From the Tongsun Park Oil-For-Food trial, we learn this about the good friend and business partner of Maurice Strong;
In early 1996, about 10 months before Oil-for-Food finally rose from the vat as a living U.N. program, Tongsun Park allegedly asked Vincent for $10 million from Iraq to take care of his “expenses” and his “people.” Vincent relayed this to his contact and friend, the then-ambassador of Iraq to the U.N. in New York, Nizar Hamdoon.
Asking, “Why don’t we make some money?” Hamdoon suggested a different arrangement: Instead of asking Baghdad to bankroll $10 million for Park, Vincent and Hamdoon should ask for $15 million, give $5 million to Park and keep the remaining $10 million for themselves.
In short order, Hamdoon reported to Vincent that Iraq had approved the request. Vincent set off immediately for Baghdad, making arrangements to transfer the expected $15 million to offshore accounts. When he arrived in Baghdad, all seemed well. He was received with smiles and tea by Iraqi Oil Minister Amir Rashid, and invited to compose contracts spelling out the arrangements for the $5 million and $10 million payments, which Rashid signed.
It’s a small world.
From 1996 to 1998, Tongsun Park served as adviser and then the CEO of Canadian Atomic Energy Co..
“On October 16, 1996, Reid Morden wrote a letter to Maurice Strong and Tongsun Park “requesting on behalf” of Atomic Energy of Canada for “the support of Mr, Park and Mr. Strong for the sale of “Candu 9” nuclear reactors during their upcoming meeting in Korea with Korean leaders.
“Reid, who was `employed from 1994 to 1998 as President and Chief Executive Officer” of AECL, `a company owned by the Canadian government’ could not be reached for comment. The Canadian government will not investigate the more than $100 billion oil-for-food program that operated for seven years. As CFP previously reported Canada is the seventh largest donor to the United Nations,”
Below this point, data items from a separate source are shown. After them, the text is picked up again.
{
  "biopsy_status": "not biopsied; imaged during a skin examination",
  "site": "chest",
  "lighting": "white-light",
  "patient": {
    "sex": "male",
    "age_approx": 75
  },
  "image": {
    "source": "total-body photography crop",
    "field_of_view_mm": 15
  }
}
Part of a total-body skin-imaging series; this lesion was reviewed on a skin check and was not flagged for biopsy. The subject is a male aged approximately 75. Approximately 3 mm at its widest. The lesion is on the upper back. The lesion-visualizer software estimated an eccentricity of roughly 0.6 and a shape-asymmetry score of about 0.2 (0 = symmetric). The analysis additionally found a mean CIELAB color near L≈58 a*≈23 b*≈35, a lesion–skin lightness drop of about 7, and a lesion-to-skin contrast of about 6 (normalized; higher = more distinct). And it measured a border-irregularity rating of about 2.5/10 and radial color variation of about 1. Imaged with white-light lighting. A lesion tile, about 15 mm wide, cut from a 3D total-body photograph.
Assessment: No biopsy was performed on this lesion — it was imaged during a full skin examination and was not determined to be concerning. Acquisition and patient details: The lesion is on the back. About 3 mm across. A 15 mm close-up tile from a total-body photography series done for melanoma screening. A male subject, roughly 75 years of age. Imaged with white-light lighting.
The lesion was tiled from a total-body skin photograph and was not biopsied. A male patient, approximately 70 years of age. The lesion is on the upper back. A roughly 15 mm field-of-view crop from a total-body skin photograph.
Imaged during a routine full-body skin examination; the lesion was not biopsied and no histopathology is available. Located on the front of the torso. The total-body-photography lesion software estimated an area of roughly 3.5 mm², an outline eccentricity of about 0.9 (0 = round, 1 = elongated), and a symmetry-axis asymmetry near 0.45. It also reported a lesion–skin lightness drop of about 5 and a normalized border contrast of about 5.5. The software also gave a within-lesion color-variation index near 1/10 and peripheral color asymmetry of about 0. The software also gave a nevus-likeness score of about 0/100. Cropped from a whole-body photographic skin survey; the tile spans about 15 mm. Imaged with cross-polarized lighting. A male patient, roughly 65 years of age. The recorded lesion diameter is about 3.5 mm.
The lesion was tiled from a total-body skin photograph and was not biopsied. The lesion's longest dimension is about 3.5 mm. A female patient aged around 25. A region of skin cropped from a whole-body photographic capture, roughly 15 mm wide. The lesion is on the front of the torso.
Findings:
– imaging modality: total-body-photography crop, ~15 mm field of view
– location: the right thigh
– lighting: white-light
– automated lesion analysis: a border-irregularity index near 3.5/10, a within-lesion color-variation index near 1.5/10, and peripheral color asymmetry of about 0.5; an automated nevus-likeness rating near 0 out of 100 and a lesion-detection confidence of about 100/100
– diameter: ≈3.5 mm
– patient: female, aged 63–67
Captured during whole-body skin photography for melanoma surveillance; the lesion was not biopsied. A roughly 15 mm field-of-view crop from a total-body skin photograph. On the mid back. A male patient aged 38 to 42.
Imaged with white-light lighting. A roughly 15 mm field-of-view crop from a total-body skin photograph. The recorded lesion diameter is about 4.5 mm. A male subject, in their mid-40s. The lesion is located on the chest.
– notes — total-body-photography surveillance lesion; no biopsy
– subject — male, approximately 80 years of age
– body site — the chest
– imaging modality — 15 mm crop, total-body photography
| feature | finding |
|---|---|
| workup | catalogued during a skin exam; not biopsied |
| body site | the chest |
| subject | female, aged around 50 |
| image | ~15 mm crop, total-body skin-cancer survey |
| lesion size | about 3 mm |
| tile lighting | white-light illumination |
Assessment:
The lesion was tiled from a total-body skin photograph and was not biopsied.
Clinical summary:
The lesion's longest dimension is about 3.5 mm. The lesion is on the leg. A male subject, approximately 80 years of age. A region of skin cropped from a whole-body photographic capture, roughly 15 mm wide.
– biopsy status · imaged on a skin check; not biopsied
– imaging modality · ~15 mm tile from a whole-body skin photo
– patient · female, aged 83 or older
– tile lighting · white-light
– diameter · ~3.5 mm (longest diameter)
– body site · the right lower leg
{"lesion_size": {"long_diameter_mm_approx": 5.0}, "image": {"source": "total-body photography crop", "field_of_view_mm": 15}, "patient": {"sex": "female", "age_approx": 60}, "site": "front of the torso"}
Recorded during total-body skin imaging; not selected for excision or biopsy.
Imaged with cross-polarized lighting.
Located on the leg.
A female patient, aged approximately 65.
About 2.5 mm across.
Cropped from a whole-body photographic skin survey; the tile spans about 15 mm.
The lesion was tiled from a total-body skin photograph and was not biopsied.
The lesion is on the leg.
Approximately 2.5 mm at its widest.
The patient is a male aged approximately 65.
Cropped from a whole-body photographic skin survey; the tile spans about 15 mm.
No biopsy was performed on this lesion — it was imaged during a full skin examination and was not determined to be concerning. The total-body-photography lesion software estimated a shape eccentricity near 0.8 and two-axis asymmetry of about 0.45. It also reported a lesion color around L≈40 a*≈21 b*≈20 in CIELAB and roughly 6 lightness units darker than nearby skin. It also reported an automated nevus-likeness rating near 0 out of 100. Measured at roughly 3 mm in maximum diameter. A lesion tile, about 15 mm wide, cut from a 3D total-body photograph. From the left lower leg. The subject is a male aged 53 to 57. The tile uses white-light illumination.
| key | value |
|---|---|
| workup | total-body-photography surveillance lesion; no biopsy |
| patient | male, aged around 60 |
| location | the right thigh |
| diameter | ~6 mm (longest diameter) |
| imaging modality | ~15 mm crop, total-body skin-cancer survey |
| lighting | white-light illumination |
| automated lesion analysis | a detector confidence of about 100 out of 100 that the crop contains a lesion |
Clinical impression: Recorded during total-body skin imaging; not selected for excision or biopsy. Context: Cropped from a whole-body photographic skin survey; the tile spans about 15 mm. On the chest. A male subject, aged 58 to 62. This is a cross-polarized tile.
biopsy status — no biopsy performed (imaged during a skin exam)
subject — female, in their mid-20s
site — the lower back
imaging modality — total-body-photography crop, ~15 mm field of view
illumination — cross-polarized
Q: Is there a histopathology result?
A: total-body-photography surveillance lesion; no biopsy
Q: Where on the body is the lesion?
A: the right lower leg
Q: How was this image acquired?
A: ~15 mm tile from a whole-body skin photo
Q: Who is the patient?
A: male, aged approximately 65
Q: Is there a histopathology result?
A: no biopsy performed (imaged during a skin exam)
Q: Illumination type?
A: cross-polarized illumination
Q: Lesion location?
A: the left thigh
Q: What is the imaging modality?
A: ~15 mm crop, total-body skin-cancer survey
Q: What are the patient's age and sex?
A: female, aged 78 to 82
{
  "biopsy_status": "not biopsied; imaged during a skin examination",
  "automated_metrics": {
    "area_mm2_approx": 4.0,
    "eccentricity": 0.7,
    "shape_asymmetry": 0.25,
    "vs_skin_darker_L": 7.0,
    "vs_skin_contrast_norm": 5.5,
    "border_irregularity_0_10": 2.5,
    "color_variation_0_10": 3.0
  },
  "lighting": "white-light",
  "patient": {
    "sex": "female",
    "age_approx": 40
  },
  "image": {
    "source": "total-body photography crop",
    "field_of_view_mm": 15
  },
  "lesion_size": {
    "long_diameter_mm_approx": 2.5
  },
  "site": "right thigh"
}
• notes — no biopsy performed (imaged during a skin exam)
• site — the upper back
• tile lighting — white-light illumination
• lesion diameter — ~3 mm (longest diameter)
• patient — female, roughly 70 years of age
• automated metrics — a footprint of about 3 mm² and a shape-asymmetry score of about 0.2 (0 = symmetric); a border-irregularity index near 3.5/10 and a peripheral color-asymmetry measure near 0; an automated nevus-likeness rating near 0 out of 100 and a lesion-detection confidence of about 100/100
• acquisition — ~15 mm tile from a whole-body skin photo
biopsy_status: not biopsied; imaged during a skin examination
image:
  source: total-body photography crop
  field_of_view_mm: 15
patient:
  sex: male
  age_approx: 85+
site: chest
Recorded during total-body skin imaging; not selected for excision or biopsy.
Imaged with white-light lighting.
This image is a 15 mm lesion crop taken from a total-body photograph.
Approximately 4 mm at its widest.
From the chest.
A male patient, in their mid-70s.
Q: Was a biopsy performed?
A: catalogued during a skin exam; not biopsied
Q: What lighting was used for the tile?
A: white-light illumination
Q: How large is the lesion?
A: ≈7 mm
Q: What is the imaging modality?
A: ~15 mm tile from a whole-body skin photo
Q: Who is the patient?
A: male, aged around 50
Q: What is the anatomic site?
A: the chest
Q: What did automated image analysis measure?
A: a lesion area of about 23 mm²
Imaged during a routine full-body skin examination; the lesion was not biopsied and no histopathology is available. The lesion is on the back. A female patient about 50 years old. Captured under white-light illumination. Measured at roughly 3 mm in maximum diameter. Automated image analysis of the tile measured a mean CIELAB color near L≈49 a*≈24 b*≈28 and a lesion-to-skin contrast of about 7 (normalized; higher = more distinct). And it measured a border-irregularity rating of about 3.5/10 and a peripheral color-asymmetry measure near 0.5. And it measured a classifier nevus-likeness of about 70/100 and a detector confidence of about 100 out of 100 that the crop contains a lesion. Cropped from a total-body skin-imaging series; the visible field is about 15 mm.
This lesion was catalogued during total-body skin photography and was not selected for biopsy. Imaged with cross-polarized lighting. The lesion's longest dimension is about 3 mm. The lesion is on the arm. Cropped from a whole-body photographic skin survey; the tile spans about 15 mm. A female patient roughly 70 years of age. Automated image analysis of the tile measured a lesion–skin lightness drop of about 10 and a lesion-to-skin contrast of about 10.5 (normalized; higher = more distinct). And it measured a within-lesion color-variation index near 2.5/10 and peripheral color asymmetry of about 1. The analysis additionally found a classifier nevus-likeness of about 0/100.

American reporter Claudia Rosett continues to report on the Park trial, including testimony implicating Maurice Strong;
For now, I am trying to square Maurice Strong’s 2005 denial of any contact with “any of the officials responsible” for Oil-for-Food with testimony from state’s witness Samir Vincent on Thursday, in which Vincent described a lunch meeting at a Chinese restaurant near the U.N.. This lunch took place in late 1996. At the time, Oil-for-Food was just getting underway, and according to Vincent, the Iraqis had decided not to bother paying Tongsun Park millions of dollars promised to him earlier that year. Park was “very unhappy,” according to Vincent’s testimony, and arranged a high-powered lunch, in a private room, to which he invited three others: Samir Vincent; Iraq’s then-ambassador to the U.N., Nizar Hamdoon; and one of Park’s high-powered friends at the U.N., Maurice Strong, who dropped by for about 45 minutes to exchange pleasantries, but having put in an appearance, left before the lunch was over.
Vincent testified Thursday that after Strong left the lunch, Tongsun Park turned to Iraq’s ambassador Hamdoon and “told him now you see my commitment, now you see why I need Iraq to keep their commitment to me and to continue what they promised to do.”
It does make one wonder what it will take to rouse our curiously indifferent national media to report on the Canadian connections central to this largest fraud scandal in history. One can also be forgiven for wondering how differently that same media would cover the scandal if the testimony included names like Brian Mulroney or Gwyn Morgan.